In the Euthyphro, Socrates and Euthyphro analogize from the lower to the higher, from human beings to gods.  Human beings get angry with each other when they disagree about certain topics in particular -- an issue we will explore further in the next post on Plato and anger -- and the gods similarly, disagreeing, get into arguments, become angry, and even hold grudges.  One has to ask, however, how much Socrates actually buys any of what is being ascribed to the gods in that discussion, given his criticism of the all-too-anthropomorphizing poets elsewhere.  And, that at least places into question the other mentions of divine anger just mentioned, in the Crito and the Phaedo.
 

Who Does Not Get Angry?

Against this backdrop of actual and imagined expressions of anger, one thing that might easily escape a reader of Plato's works is the lack of angry responses in certain characters and settings.  This is a line of discussion I intend to explore in more detail in another post, but I would like to call attention briefly to one interlocutor in particular, Callicles in the Gorgias.  It would be easy, given the similarities between the ideology he and Thrasymachus both espouse, to assume that his own dialogue with Socrates is marked, if not marred, by his own irritability -- but that turns out not to be the case.  Not only is Callicles not described by any of the other characters using any of the copious anger-terminology available in the Greek language, he of all people would actually have a legitimate occasion for becoming angry -- after all, Socrates is essentially heckling and insulting an honored guest (Gorgias), his student (Polus), and their profession (rhetoric) within Callicles' own house!
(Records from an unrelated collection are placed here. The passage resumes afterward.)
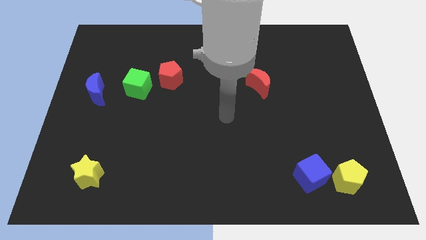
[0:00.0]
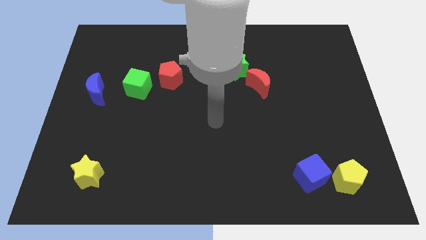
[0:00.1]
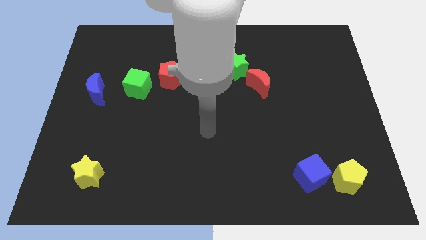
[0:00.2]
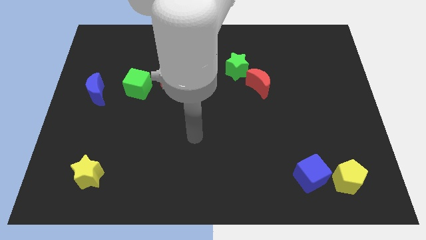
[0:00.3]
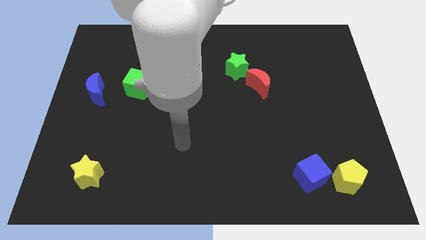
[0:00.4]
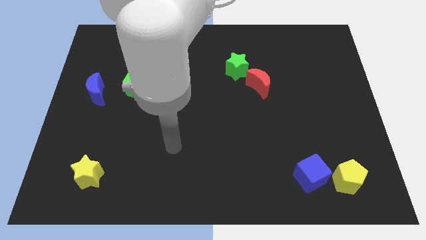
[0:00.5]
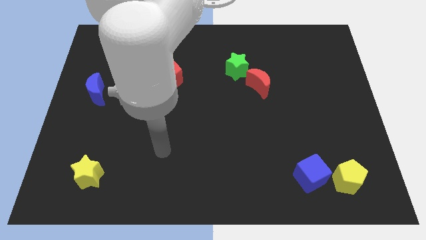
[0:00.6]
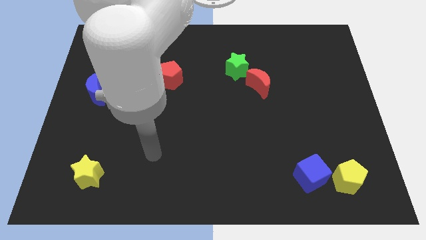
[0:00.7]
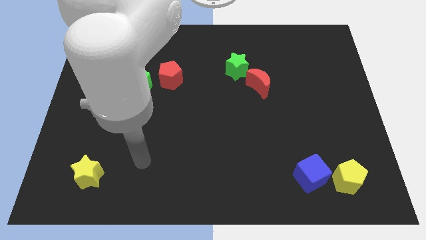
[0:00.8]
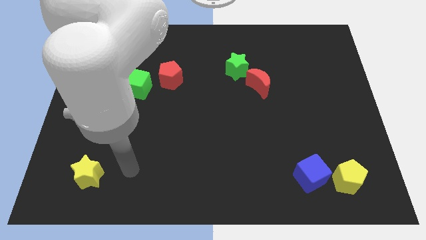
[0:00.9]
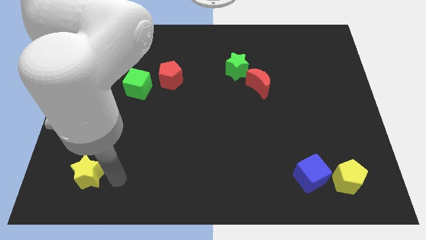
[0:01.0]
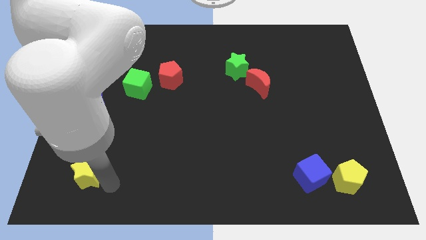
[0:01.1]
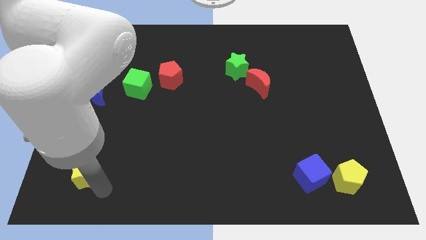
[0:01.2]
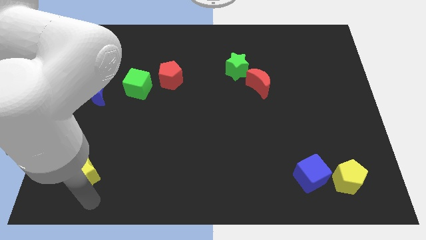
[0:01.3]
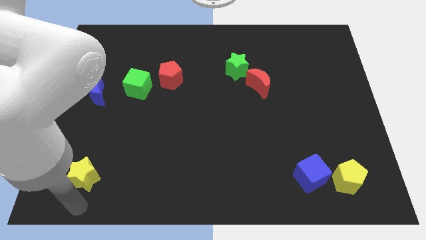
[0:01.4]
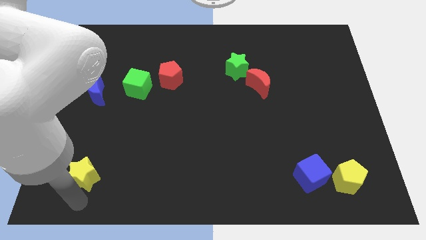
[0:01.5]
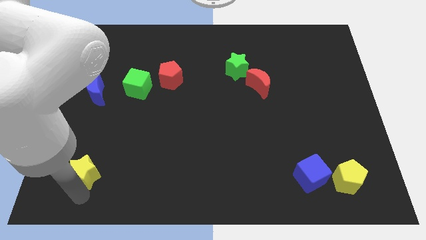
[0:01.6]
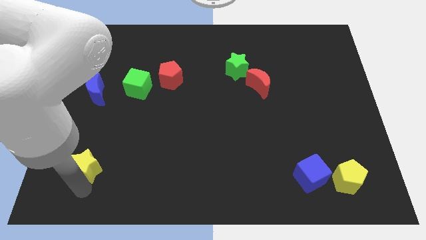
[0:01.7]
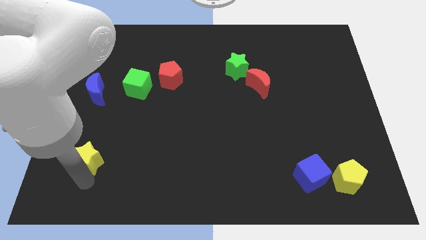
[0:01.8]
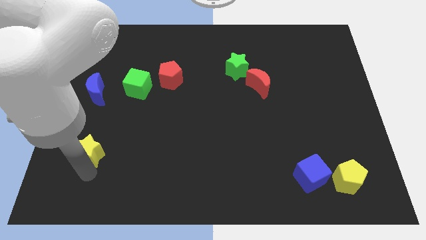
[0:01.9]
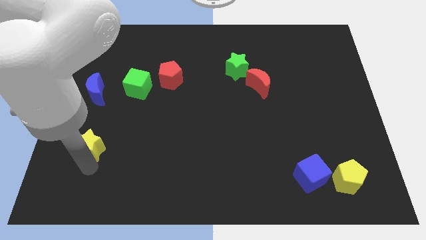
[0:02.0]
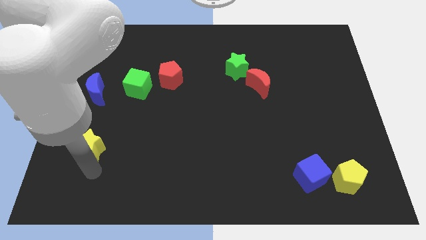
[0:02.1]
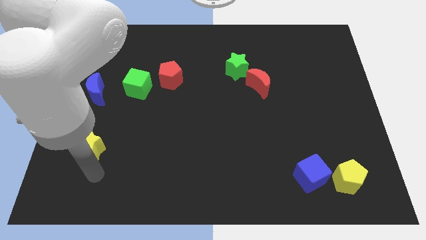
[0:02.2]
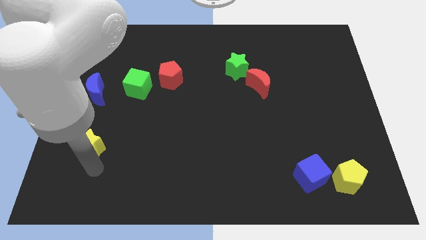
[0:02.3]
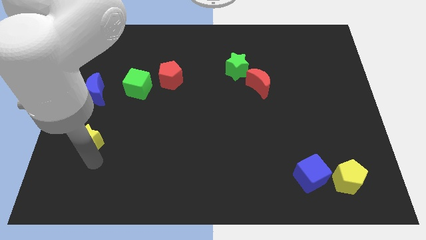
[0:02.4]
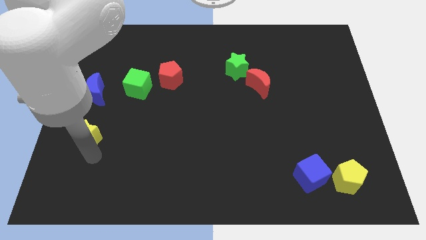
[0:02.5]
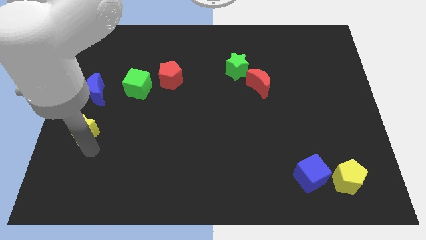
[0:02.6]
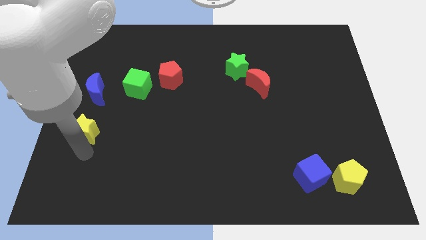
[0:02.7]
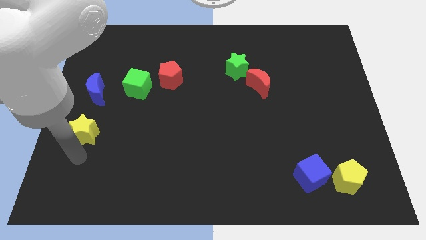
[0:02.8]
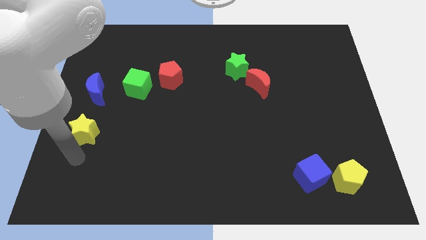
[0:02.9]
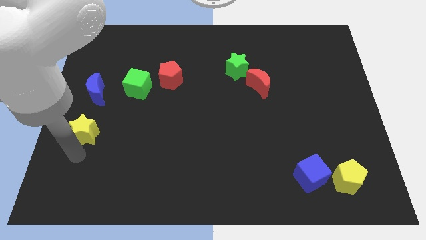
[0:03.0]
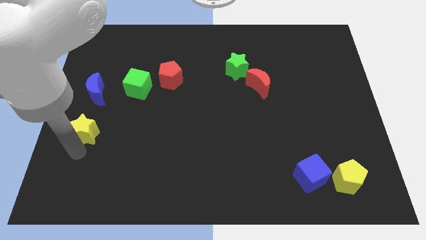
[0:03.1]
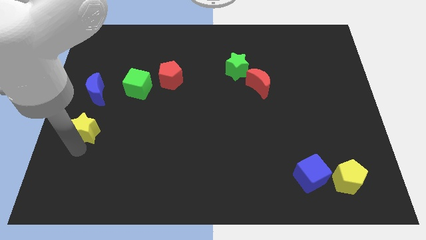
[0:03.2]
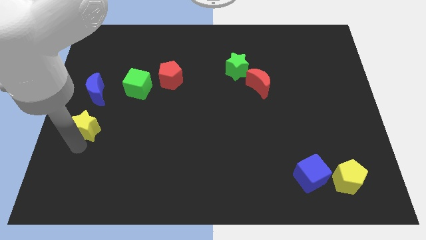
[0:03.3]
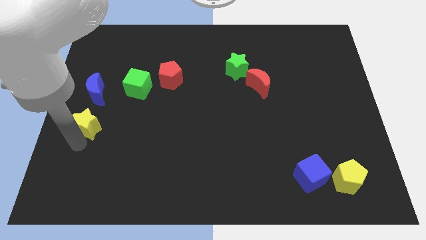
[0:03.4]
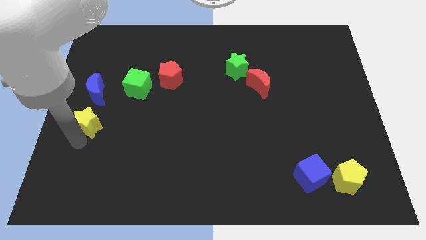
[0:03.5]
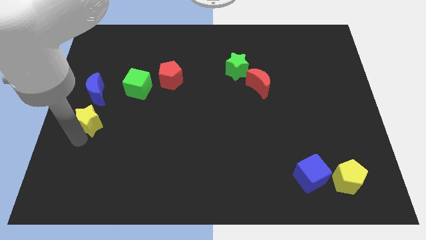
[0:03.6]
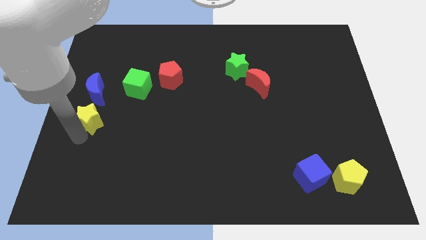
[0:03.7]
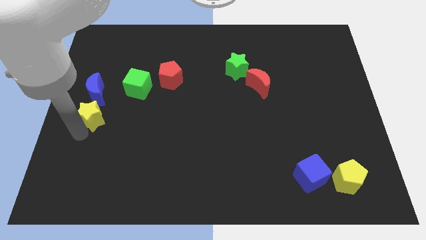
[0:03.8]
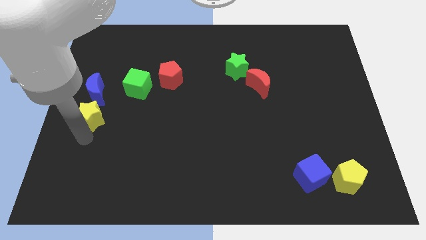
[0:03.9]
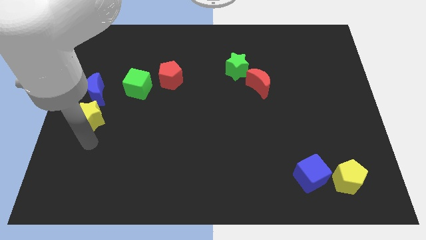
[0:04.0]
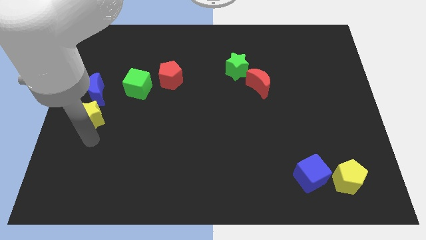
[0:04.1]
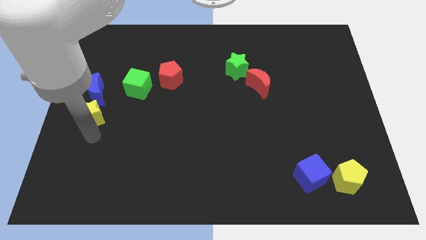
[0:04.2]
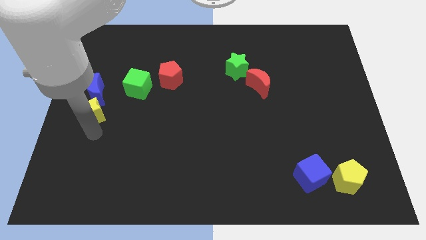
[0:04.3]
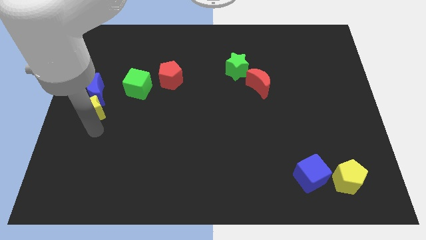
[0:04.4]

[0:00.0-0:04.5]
put the yellow star close to the blue moon

For his own part, Socrates appears to be as impervious to anger as he seems to be to any of the other desires or movements of the non-rational portions of the soul.  He endures heat, cold, thirst, hunger, sexual desire with equanimity.  He responds to insults, whether open or veiled, in good humor. In the Gorgias, as well as in his discussion with Polemarchus in the Republic, and in the Crito, Socrates defends a position that rules out retaliation against those who do one wrong -- an impulse not only at the root but of the very essence of anger as an emotion response.

One of the greatest dialogues, the Phaedo, contains two brief references to anger. In one of these, near the end, the jailer, bringing Socrates the brew of hemlock he is appointed to drink, contrasts him to other people in the same situation.  He notes that he won't have anything to complain about in Socrates' case, for he knows that Socrates is not angry with him, unlike the others, who do get angry with him and curse him out.  For this reason, he calls Socrates, among other things, the most mild-tempered (praotaton) of all the people who have passed through his jail.

Does this represent merely a condition of character on Socrates' part -- unmoved by other things, he's likewise unmoved to anger?  Or is this part of a deliberate decision or discipline?  Does it have some aim, some moral concern - if not for himself (since he's unlikely to lose his temper), for his other interlocutors?  In a passage of book 6 of the Republic, which we'll examine in greater detail, and set into proper context with other passages about anger from that work in a future post, Socrates suggests that the many -- who are angry and envious -- will become less so when faced with philosophers (or other people) who are, or who behave as, mild and unenvious towards them.  This involves a choice not to retaliate or respond in kind when anger arises, not to continue, let alone to intensify the course of emotion and response.  The many expect others -- including philosophers, not least because of the bad example set by the contentious, false philosophers -- to behave, to feel, to think along the same lines as themselves.  So, the genuine philosopher treating them gently offers the possibility of lessening or even entirely calming anger in them -- and this in turn affords them the chance to participate in philosophical dialogue.

Just how well this jibes with the alternate picture of Socrates as a self-proclaimed gadfly, who clearly does take jabs at and engage in irony with his interlocutors. . . that's a matter I'll have to address in a later post, along with other issues raised by -- though not entirely resolved within -- Plato's treatments of anger.